“Big Data” is one of those terms that gets thrown around my workplace with reckless abandon these days. So much so, that it begins to lose it’s flavor. What does Big Data really mean? Certainly, we’ve seen a lot of lip-service paid to the sheer volume of information being generated on a daily basis (the Taming The Torrent video is a couple years old, but captures the gist of this sentiment). But, is the value of Big Data really in its “big”-ness? In many ways, the value actually comes from the opposite of big-ness, it comes from its specificity. I would argue that the value comes from the fact that it’s personal, contextual, and real-time.
This time, it’s personal…
There was a time when businesses would look at their data in aggregate. They might compare this year’s sales figures to last years, make an educated guess about how buyers were feeling, and order product accordingly. Now, each of us leaves a detailed associative trail of, not only purchasing decisions, but content, preferences, affiliations… Not everyone is as plugged-in as I am, but even if you try to keep a low profile, you leave a fairly significant digital footprint.
Now, companies can look at the data created by each of us individually, and compare them in aggregate. They can make precision decisions on how to attract, engage, and retain each one of us. They can predict our needs, sometimes better than those who know us best… The value to the customer is that your consumer experience is tailored to you (as creepy as that can be) and the value to the company is that they have a much more detailed terrain map of their customer base.
Context is king, depending on a few things…
Another unique thing about the world of today’s data, is that we have become sensors in addition to actors. When we create a bit of content or take an online action, the when and where of that interaction is also captured. Using those bits of data, a good deal of other data (weather, events, proximity to others, etc.) can also be derived. It is possible to gain insight into how much effect the sun shining has on the sentiment toward the product or service you offer. Knowing this allows companies to look ahead at a wider range of variables to predict how value can be maximized.
Turning this around, companies are finding ways to create value by making this data transparent to consumers (see Nike Fuel). Allowing people visibility into the data being captured about them allows them to better use your product or service. Products are moving from artifacts to experiences and everybody wins. Consumers get more value from their purchases, and companies get a greater understanding of their customers.
Hear and now…
In the example above of companies looking at sales data, it was almost always historical. It was last quarter’s or last year’s data that was being reviewed. Not only was it disconnected from individual customers, it was disconnected from current events. Today, the data comes in instantaneously – sales data, reactions, reviews… The company without its ear to the ground is missing out on opportunities.

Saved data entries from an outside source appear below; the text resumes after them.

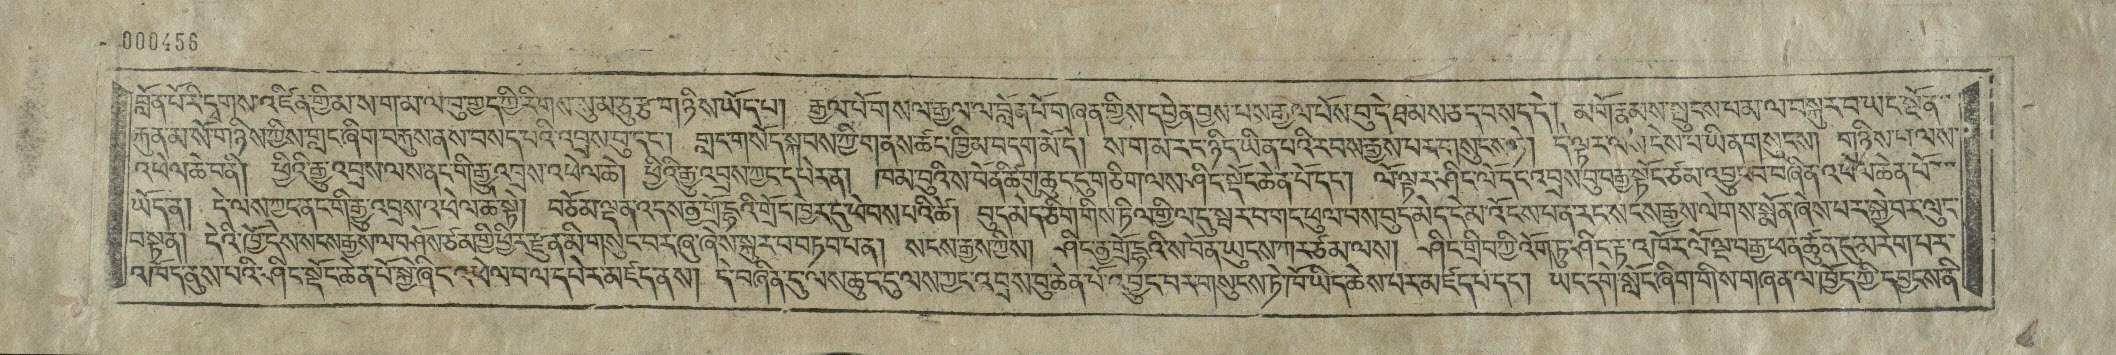བློན་པོ་རི་དྭགས་འཛིན་གྱི་མ་ས་ག་མ་ལ་བུ་གྱད་ཀྱི་རིགས་སུམ་ཅུ་རྩ་གཉིས་ཡོད་པ། རྒྱལ་པོ་གསལ་རྒྱལ་ལ་བློན་པོ་གཞན་གྱིས་དབྱེན་བྱས་པས་རྒྱལ་པོས་བུ་དེ་ཐམས་ཅད་བསད་དེ། མགོ་རྣམས་སྤུངས་པ་མ་ལ་བསྐུར་བ་ཡང་སྔོན་
རྐུན་མ་སོ་གཉིས་ཀྱིས་གླང་ཞིག་བརྐུས་ནས་བསད་པའི་འབྲས་བུ་དང་། གླང་གསོད་སྐབས་ཀྱི་གནས་ཚང་ཁྱིམ་བདག་མོ་དེ། ས་ག་མ་རང་ཉིད་ཡིན་པའི་རབས་རྒྱས་པར་གསུངས་ཏེ། དེ་ལྟར་ལས་ངེས་པ་ཡིན་གསུངས། གཉིས་པ་ལས་
འཕེལ་ཆེ་བ་ནི། ཕྱིའི་རྒྱུ་འབྲས་ལས་ནང་གི་རྒྱུ་འབྲས་འཕེལ་ཆེ། ཕྱིའི་རྒྱུ་འབྲས་ཀྱང་དཔེར་ན། ཁམ་བུའི་ས་བོན་ཚི་གུ་ཆུང་ངུ་གཅིག་ལས་ཤིང་སྡོང་ཆེན་པོ་དང་། ལོ་ལྟར་ཤིང་ལོ་དང་འབྲས་བུ་བརྒྱ་སྟོང་ཙམ་འབྱུང་བ་བཞིན་འཕེལ་ཆེན་པོ་
ཡོད་ན། དེ་ལས་ཀྱང་ནང་གི་རྒྱུ་འབྲས་འཕེལ་ཆེ་སྟེ། བཅོམ་ལྡན་འདས་ནྱ་གྲོ་དྷའི་གྲོང་ཁྱེར་དུ་ཕེབས་པའི་ཚེ། བུད་མེད་ཅིག་གིས་ཏིལ་གྱི་ལ་དུ་སྦར་བ་གང་ཕུལ་བས་བུད་མེད་དེ་མ་འོངས་པ་ན་རང་སངས་རྒྱས་ལེགས་སྨོན་ཞེས་པར་སྐྱེ་བར་ལུང་
བསྟན། དེའི་ཁྱོ་དེས་སངས་རྒྱས་ལ་བཤོས་ཙམ་གྱི་ཕྱིར་རྫུན་མི་གསུང་བར་ཞུ་ཞེས་སྐུར་བ་བཏབ་པ་ན། སངས་རྒྱས་ཀྱིས། ཤིང་ནྱ་གྲོ་དྷའི་ས་བོན་ཡུངས་ཀར་ཙམ་ལས། ཤིང་གྲིབ་ཀྱི་འོག་ཏུ་ཤིང་རྟ་འཁོར་ལོ་ལྔ་བརྒྱ་ཕན་ཚུན་དུ་མ་རེག་པར་
འཁོད་ནུས་པའི་ཤིང་སྡོང་ཆེན་པོ་སྐྱེ་ཞིང་འཕེལ་བ་ལ་དཔེར་མཛད་ནས། དེ་བཞིན་དུ་ལས་ཆུང་ངུ་ལས་ཀྱང་འབྲས་བུ་ཆེན་པོ་འབྱུང་བར་གསུངས་ཏེ་ཁོ་ཡིད་ཆེས་པར་མཛད་པ་དང་། ཡང་དགེ་སློང་ཞིག་གིས་གཞན་ལ་ཁྱོད་ཀྱི་དབྱངས་ནི་

The challenge here is that there is a growing expectation for some degree of reciprocity. If the customer cares enough to make a comment in the public sphere about you or your product, it is good form to recognize their comment and, if possible, react to it. This takes time and effort, but it is worth it in the end.
So, while the challenges of dealing with the torrent of data available to us remain due to the immensity of the information, the value to be gained is from understanding the uniqueness and richness of individual data streams. The central evolution that needs to be take place is to stop thinking of “people” as an entity, and start thinking of “people” as not just individuals, but as a system. You can’t expect a one-size-fits-all solution to work anymore. You also need to realize that people are connected in ways they never have been before. The way you treat each person has a ripple effect through their network of connections. That ripple effect is becoming measurable, too.
There is no denying that there is an ocean of data to deal with. The challenge becomes managing both the big aggregate shifts and the individual fluctuations. The winners will be those who can see both the waves and the tides, and can react to both effectively.